:: WHAT YOU HAVE TO DO ::
In the data below, find each line that contains the word "pattern" and copy it.

── LISTED RECORDS ──

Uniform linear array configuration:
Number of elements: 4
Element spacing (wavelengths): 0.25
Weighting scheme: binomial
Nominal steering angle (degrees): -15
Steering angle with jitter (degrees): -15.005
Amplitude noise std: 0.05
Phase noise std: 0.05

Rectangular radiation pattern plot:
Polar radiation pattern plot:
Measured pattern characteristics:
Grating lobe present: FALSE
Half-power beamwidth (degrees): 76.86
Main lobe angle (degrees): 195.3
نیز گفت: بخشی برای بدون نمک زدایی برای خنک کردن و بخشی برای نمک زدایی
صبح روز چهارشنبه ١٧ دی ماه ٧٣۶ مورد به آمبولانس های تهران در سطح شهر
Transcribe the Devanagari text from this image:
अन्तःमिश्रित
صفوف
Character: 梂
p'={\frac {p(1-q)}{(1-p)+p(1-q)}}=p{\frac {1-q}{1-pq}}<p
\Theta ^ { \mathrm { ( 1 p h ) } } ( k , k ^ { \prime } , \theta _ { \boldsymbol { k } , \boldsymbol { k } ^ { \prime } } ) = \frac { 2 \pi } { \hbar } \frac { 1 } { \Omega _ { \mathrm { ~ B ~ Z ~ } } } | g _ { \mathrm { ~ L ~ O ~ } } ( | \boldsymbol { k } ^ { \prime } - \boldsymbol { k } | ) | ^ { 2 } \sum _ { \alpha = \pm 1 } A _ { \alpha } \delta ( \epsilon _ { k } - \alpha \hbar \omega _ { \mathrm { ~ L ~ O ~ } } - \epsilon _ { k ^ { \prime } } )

───
── LISTED RECORDS ──

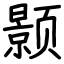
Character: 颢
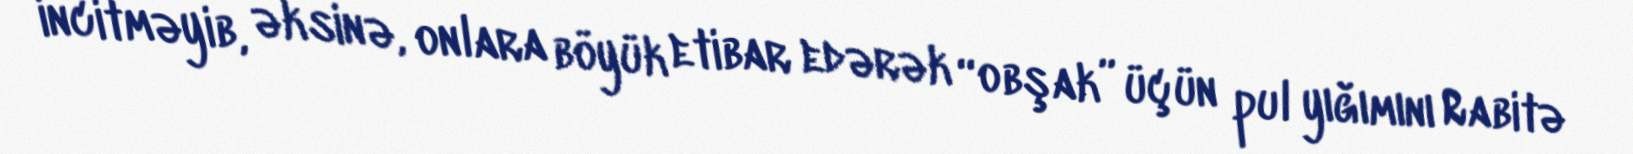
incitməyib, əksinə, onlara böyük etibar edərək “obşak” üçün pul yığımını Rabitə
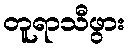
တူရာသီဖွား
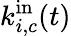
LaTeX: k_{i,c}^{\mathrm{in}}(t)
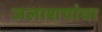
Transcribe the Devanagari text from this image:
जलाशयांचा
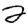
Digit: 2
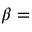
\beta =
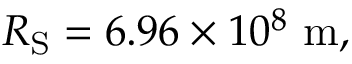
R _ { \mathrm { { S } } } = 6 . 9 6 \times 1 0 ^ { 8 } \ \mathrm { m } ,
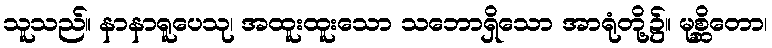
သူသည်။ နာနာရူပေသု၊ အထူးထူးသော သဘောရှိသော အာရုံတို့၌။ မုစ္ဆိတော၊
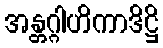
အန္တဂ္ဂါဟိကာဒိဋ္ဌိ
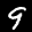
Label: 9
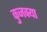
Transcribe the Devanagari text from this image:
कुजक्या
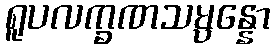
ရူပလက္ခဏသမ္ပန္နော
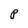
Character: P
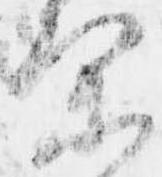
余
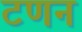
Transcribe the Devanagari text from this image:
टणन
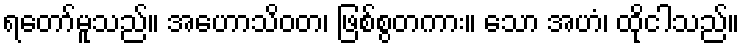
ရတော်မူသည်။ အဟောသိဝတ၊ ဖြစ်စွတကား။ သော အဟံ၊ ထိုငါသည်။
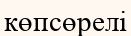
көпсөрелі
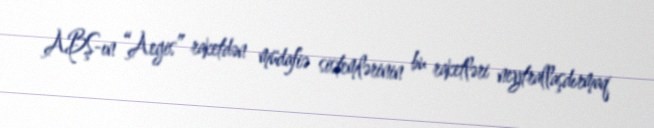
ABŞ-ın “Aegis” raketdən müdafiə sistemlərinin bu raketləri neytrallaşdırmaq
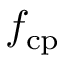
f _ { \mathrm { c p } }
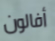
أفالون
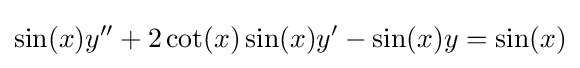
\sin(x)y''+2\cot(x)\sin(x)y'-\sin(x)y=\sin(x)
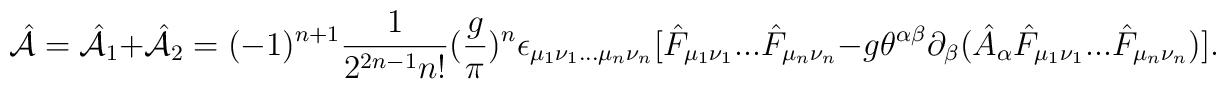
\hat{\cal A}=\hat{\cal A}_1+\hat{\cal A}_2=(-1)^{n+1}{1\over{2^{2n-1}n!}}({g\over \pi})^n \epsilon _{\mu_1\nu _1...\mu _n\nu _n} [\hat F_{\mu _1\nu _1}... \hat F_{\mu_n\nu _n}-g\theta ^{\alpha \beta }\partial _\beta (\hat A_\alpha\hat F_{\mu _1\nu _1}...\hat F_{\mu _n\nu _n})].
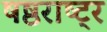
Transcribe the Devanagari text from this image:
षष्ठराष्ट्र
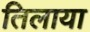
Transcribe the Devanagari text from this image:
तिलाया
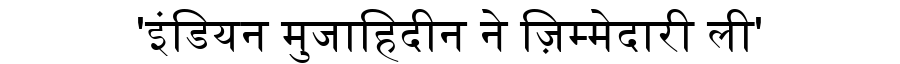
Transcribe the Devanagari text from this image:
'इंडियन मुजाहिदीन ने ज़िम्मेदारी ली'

───
── LISTED RECORDS ──

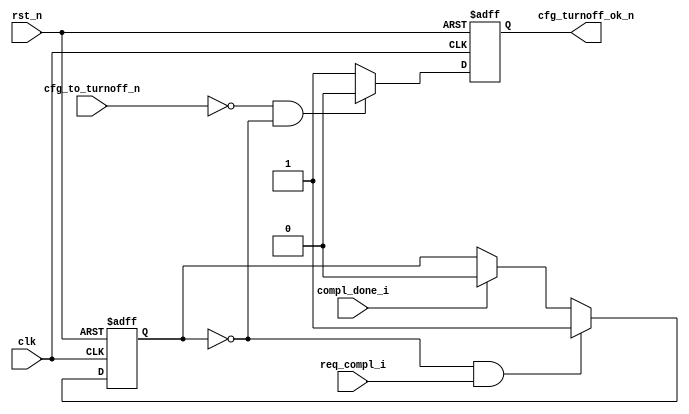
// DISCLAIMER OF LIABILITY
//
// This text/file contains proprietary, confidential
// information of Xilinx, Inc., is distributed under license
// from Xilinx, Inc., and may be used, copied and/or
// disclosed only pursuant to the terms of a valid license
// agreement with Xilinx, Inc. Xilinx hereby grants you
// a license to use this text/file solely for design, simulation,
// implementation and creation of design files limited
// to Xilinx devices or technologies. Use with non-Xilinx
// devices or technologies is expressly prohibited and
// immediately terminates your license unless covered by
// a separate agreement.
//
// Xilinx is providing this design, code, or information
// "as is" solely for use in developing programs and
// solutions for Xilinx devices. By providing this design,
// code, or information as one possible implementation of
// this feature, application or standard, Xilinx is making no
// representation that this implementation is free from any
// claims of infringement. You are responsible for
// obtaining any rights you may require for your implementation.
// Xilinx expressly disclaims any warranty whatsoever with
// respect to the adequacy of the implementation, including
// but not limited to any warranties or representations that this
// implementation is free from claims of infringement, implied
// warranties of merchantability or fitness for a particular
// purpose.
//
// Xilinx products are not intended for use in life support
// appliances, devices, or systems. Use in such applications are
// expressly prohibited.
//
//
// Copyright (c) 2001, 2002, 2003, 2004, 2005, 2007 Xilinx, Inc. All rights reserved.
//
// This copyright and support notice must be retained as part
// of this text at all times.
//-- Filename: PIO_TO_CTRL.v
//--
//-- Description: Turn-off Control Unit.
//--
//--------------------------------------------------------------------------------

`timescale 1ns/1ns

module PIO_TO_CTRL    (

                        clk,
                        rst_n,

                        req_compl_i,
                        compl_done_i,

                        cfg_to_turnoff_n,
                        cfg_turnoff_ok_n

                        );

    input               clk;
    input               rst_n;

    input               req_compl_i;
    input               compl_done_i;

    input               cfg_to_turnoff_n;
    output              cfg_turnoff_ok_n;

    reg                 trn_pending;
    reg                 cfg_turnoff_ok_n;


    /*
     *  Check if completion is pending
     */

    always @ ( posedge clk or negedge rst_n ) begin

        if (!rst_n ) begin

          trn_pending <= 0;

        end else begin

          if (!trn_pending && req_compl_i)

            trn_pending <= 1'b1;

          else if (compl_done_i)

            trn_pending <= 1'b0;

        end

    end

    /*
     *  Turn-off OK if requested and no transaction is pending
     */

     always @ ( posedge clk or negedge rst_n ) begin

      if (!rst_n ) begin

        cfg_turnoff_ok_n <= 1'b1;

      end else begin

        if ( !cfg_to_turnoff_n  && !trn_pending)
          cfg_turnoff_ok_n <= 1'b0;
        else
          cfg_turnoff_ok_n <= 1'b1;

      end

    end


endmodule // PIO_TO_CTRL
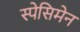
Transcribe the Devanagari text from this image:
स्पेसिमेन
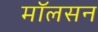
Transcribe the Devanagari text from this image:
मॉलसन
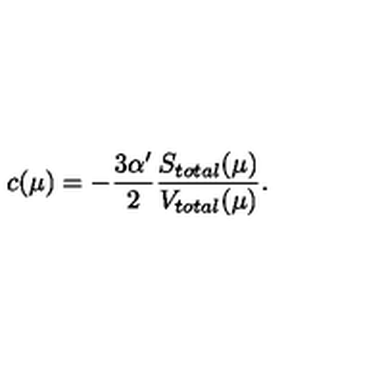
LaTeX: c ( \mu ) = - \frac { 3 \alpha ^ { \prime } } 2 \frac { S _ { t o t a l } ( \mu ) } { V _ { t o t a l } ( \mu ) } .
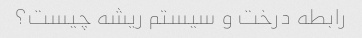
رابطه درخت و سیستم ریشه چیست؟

───

:: EXERCISE ANSWER ::
Rectangular radiation pattern plot:
Polar radiation pattern plot:
Measured pattern characteristics:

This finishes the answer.